(Saved data entries)
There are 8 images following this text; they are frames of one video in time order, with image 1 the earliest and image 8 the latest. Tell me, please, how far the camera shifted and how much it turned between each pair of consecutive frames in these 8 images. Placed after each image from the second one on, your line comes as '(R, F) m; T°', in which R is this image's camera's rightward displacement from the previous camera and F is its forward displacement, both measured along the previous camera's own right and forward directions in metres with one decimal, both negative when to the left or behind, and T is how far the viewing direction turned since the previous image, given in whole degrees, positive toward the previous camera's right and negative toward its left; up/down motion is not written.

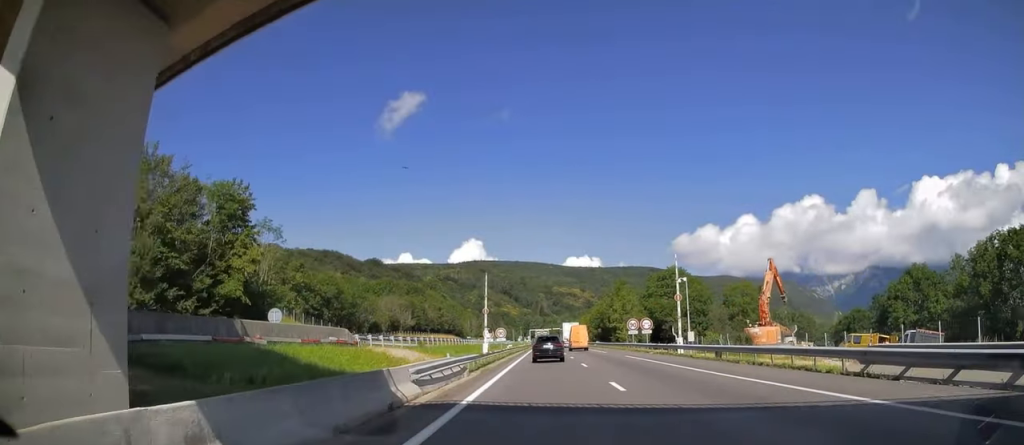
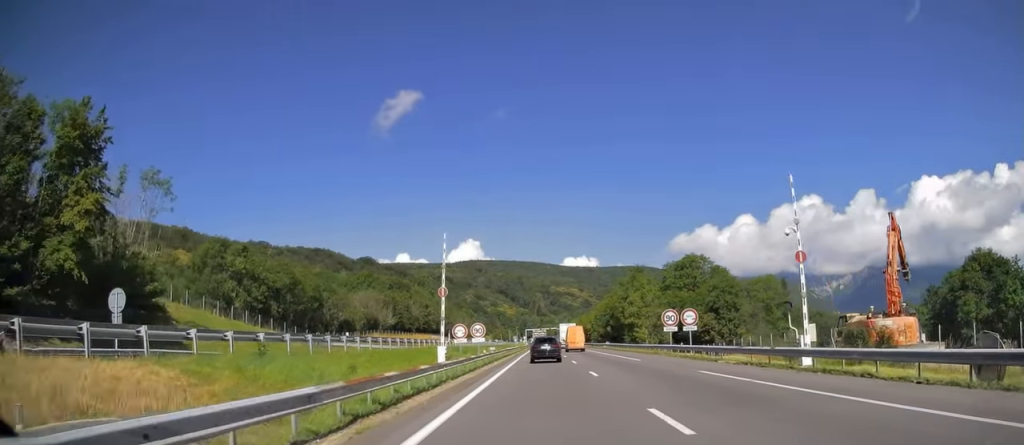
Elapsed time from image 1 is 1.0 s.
(0.0, +19.9) m; 0°
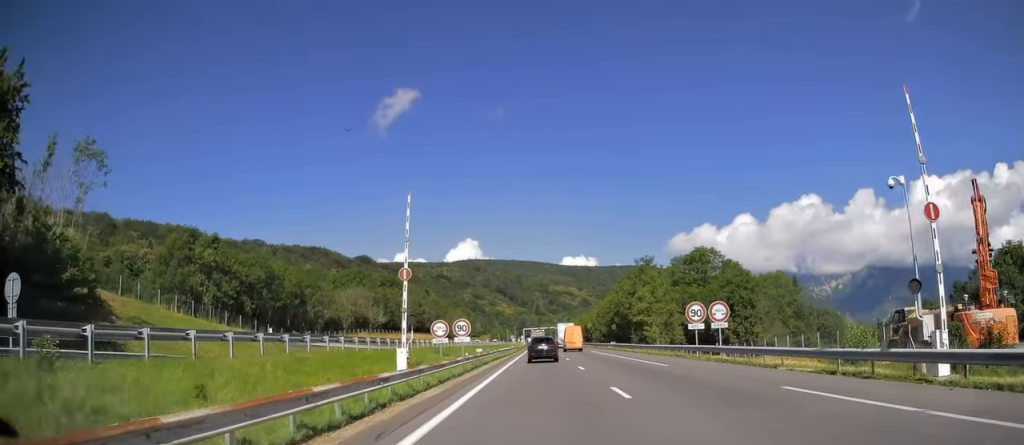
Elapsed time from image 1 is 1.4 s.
(0.0, +7.8) m; 0°
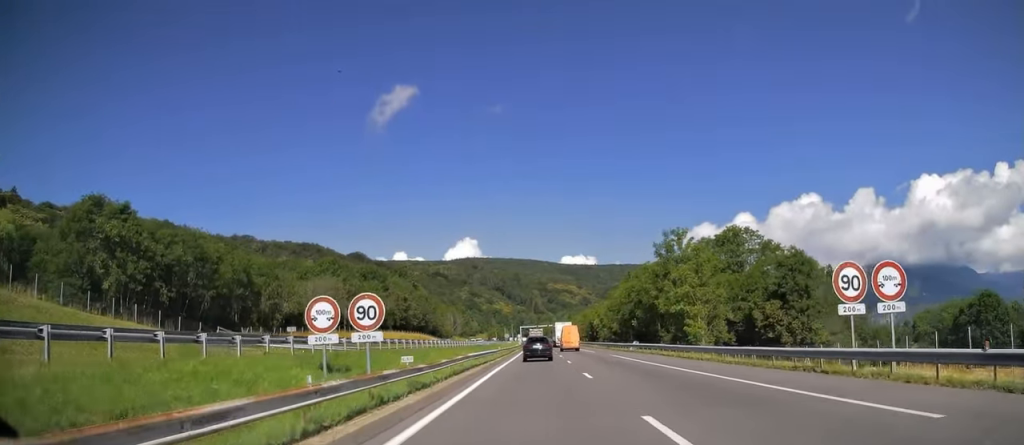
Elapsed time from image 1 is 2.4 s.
(0.0, +19.1) m; +1°
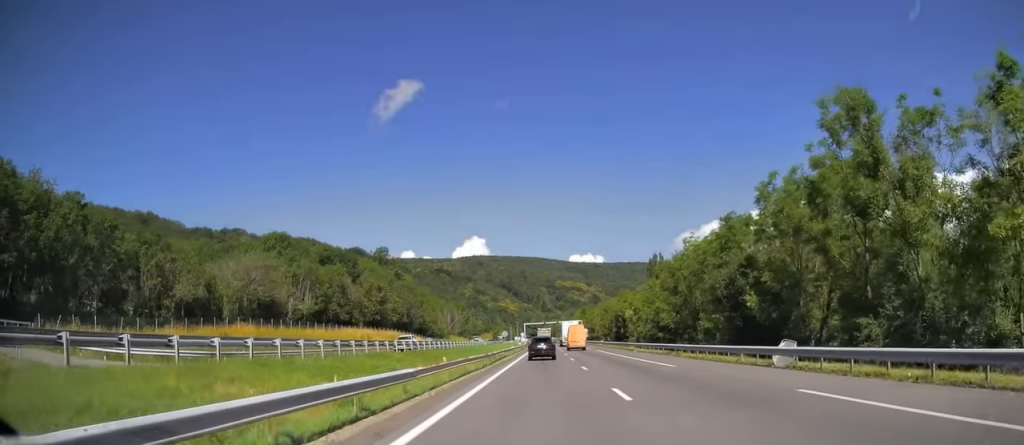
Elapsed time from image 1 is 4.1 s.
(+0.3, +33.5) m; 0°
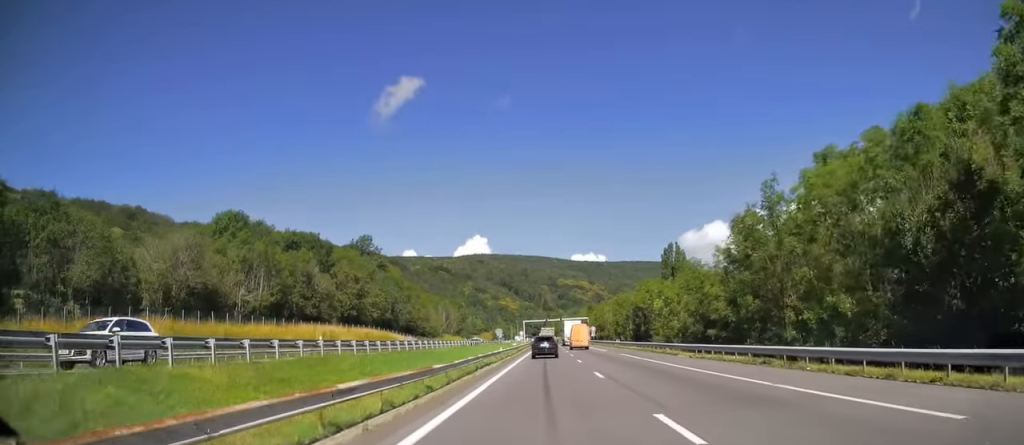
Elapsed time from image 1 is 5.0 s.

● WHAT IS BEING ASKED: Apart from the pictures, every record must be set down exactly.

● YOUR SOLUTION:
There are 8 images following this text; they are frames of one video in time order, with image 1 the earliest and image 8 the latest. Tell me, please, how far the camera shifted and how much it turned between each pair of consecutive frames in these 8 images. Placed after each image from the second one on, your line comes as '(R, F) m; T°', in which R is this image's camera's rightward displacement from the previous camera and F is its forward displacement, both measured along the previous camera's own right and forward directions in metres with one decimal, both negative when to the left or behind, and T is how far the viewing direction turned since the previous image, given in whole degrees, positive toward the previous camera's right and negative toward its left; up/down motion is not written.

Elapsed time from image 1 is 1.0 s.
(0.0, +19.9) m; 0°
Elapsed time from image 1 is 1.4 s.
(0.0, +7.8) m; 0°
Elapsed time from image 1 is 2.4 s.
(0.0, +19.1) m; +1°
Elapsed time from image 1 is 4.1 s.
(+0.3, +33.5) m; 0°
Elapsed time from image 1 is 5.0 s.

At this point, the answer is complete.